According to the IMF data, the US dollar share of global reserve currencies has fallen from 79% to 59% from 1999 to 2021. According to more recent statistics by IMF, the US dollar share still hovers around 59%. However, according to alternative sources (according to Eurizon SLJ Asset Management), the buck's status as a reserve currency eroded in 2022 at ten times the pace seen in the past two decades. Strategists at the asset manager found that the greenback's share of total global reserves fell to 47% last year from 55% in 2021.

  1. Bubble world economic leadership: US may command a quarter of global GDP (Figure 1), but in essence, it represents the trade of air (financial derivatives upon financial derivatives upon financial derivatives).

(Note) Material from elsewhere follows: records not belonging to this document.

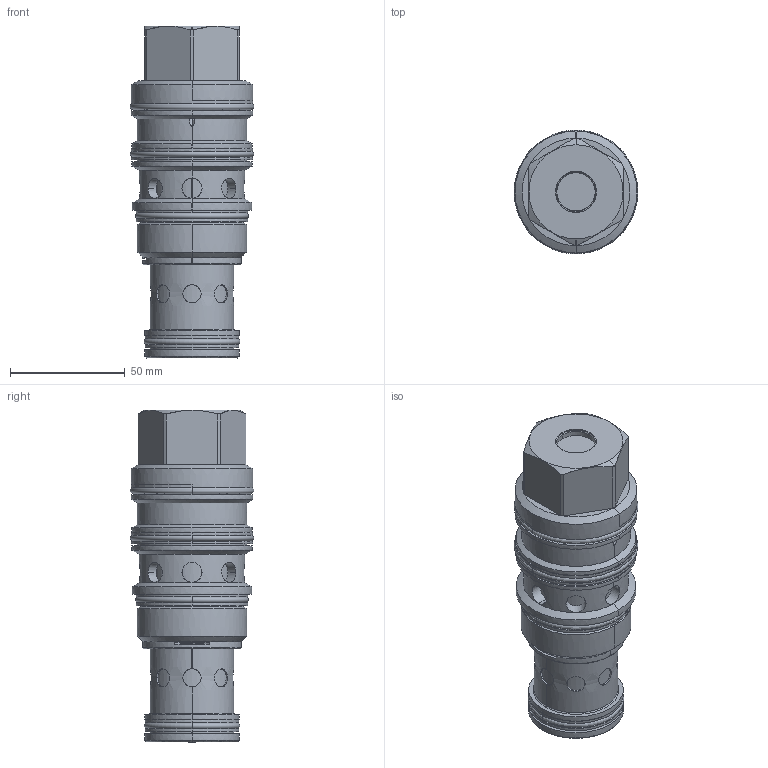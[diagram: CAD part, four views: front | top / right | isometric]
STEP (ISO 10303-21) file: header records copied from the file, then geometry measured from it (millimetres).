
FILE_DESCRIPTION((''),'2;1');
FILE_NAME('FVFA8AN_SW_PRT','2020-08-20T',('charlief'),(''),'PRO/ENGINEER BY PARAMETRIC TECHNOLOGY CORPORATION, 2016010','PRO/ENGINEER BY PARAMETRIC TECHNOLOGY CORPORATION, 2016010','');
FILE_SCHEMA(('CONFIG_CONTROL_DESIGN'));
Products named in the file (1): FVFA8AN_SW_PRT
Bounding box: 53.84 x 53.85 x 144.63 mm (x, y, z)
Surface area: 53685.1 mm2 (no closed solid volume)
Topology: 0 solids, 0 shells, 266 faces, 1248 edges, 1226 vertices
Faces by surface type: bspline 230, torus 36
Entity records: 47562 total; most frequent: CARTESIAN_POINT 36859, DIRECTION 1697, TRIMMED_CURVE 1329, DEFINITIONAL_REPRESENTATION 1204, PCURVE 1204, COMPOSITE_CURVE_SEGMENT 1204, VECTOR 1033, LINE 1033

According to the theory of money, a currency should be only issued by an entity that produces something of real value (commodity) in demand by many to ensure the currency reflux—in a global context this should be a country richest in natural resources and other globally demanded commodities and products like China, Russia, Iran, South Africa, Saudi Arabia.

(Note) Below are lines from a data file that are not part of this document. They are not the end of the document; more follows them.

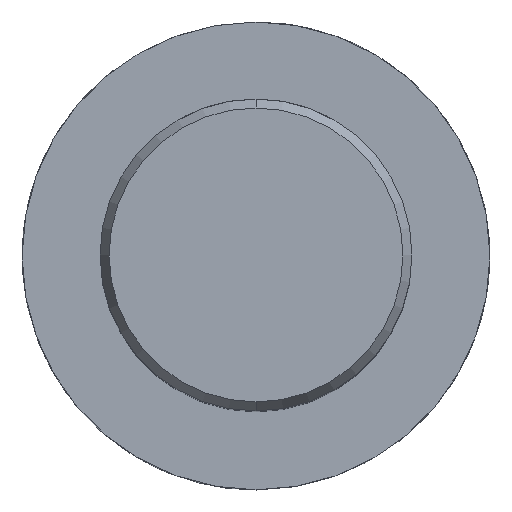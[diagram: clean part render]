
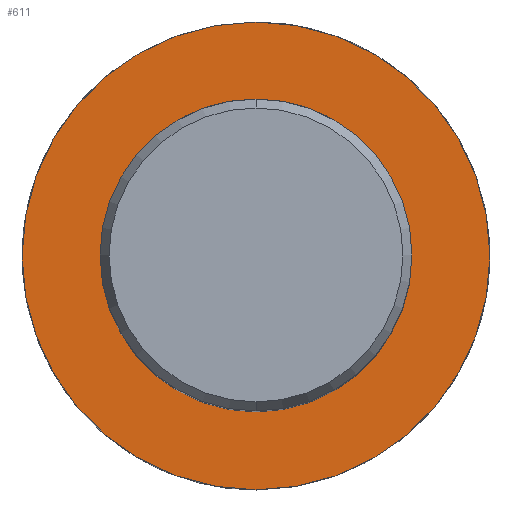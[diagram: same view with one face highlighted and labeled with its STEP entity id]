
A CAD part, top view. The second image highlights one B-rep face of the part: STEP entity #611.
In plain terms, the highlighted planar face has unit normal (0, 0, 1).
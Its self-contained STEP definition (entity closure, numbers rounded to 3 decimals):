
#611=ADVANCED_FACE('',(#1445,#1446),#1447,.T.);
#669=EDGE_CURVE('',#673,#1119,#1509,.T.);
#673=VERTEX_POINT('',#1514);
#787=EDGE_CURVE('',#1177,#1151,#1636,.T.);
#1087=EDGE_CURVE('',#1119,#673,#1960,.T.);
#1119=VERTEX_POINT('',#1997);
#1151=VERTEX_POINT('',#2032);
#1177=VERTEX_POINT('',#2060);
#1195=EDGE_CURVE('',#1151,#1177,#2079,.T.);
#1445=FACE_BOUND('',#2681,.T.);
#1446=FACE_OUTER_BOUND('',#2682,.T.);
#1447=PLANE('',#2683);
#1509=CIRCLE('',#2844,20.0);
#1514=CARTESIAN_POINT('',(0.,-20.0,-70.0));
#1636=CIRCLE('',#3356,30.0);
#1960=CIRCLE('',#4565,20.0);
#1997=CARTESIAN_POINT('',(0.0,20.0,-70.0));
#2032=CARTESIAN_POINT('',(0.,-30.0,-70.0));
#2060=CARTESIAN_POINT('',(0.0,30.0,-70.0));
#2079=CIRCLE('',#5092,30.0);
#2681=EDGE_LOOP('',(#5451,#5452));
#2682=EDGE_LOOP('',(#5453,#5454));
#2683=AXIS2_PLACEMENT_3D('',#5455,#5456,#5457);
#2844=AXIS2_PLACEMENT_3D('',#5526,#5527,#5528);
#3356=AXIS2_PLACEMENT_3D('',#5634,#5635,#5636);
#4565=AXIS2_PLACEMENT_3D('',#6007,#6008,#6009);
#5092=AXIS2_PLACEMENT_3D('',#6136,#6137,#6138);
#5451=ORIENTED_EDGE('',*,*,#1087,.T.);
#5452=ORIENTED_EDGE('',*,*,#669,.T.);
#5453=ORIENTED_EDGE('',*,*,#787,.F.);
#5454=ORIENTED_EDGE('',*,*,#1195,.F.);
#5455=CARTESIAN_POINT('',(0.0,15.0,-70.0));
#5456=DIRECTION('',(-0.0,0.0,1.0));
#5457=DIRECTION('',(0.0,-1.0,0.0));
#5526=CARTESIAN_POINT('',(0.0,0.0,-70.0));
#5527=DIRECTION('',(-0.0,0.0,-1.0));
#5528=DIRECTION('',(0.0,1.0,0.0));
#5634=CARTESIAN_POINT('',(0.0,0.0,-70.0));
#5635=DIRECTION('',(0.0,0.0,-1.0));
#5636=DIRECTION('',(0.0,1.0,0.0));
#6007=CARTESIAN_POINT('',(0.0,0.0,-70.0));
#6008=DIRECTION('',(-0.0,0.0,-1.0));
#6009=DIRECTION('',(0.0,1.0,0.0));
#6136=CARTESIAN_POINT('',(0.0,0.0,-70.0));
#6137=DIRECTION('',(0.0,0.0,-1.0));
#6138=DIRECTION('',(0.0,1.0,0.0));

According to recent statistics, BRICS's (Brazil, Russia, India, China, and South Africa) total population is 3.3 billion, while their total nominal GDP is 26 trillion US dollars (as big as the US). And these countries are talking about creating their own currency and financial token to bypass SWIFT.

Furthermore, we now also talk about BRICS Plus.

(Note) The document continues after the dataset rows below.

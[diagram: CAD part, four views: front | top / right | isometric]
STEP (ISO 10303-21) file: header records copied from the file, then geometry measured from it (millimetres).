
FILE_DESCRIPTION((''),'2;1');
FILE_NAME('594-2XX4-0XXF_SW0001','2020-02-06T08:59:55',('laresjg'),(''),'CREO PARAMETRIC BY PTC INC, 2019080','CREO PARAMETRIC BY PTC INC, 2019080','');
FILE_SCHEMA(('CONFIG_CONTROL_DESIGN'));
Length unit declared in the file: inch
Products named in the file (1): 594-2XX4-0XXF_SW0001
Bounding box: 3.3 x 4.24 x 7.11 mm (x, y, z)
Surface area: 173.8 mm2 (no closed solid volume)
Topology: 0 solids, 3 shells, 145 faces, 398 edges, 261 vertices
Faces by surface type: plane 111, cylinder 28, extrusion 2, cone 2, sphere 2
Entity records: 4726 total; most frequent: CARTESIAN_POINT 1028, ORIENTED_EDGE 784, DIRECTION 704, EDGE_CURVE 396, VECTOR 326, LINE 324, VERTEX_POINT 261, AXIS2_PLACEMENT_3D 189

If all the interested countries are accepted, the newly proposed BRICS members will create an entity with a GDP 30% larger than the US, over 50% of the global population and control of 60% of global gas reserves.

With more and more bilateral currency settlement agreements being inked all over the world, we observe a monumental shift gaining significant momentum from the unipolar world with artificially imposed dominance of Western currencies and, by extension, rigidly centralised political and economic power (thus defending the interests of a handful of nations) to a more democratic, natural, balanced and fairer multipolar world with financial settlements in all sorts of national currencies, backed by the things of real value (natural resources or produce), based on mutually beneficial cooperation and respect for national sovereignties.

The de-dollarisation process is inevitable, and it has started. US actions over the conflict in Ukraine have significantly intensified it. The only question is how long it could take in the context of the global historical process. We must understand that In the context of a historical scale, such tectonic shifts in the world order may take decades to unfold fully.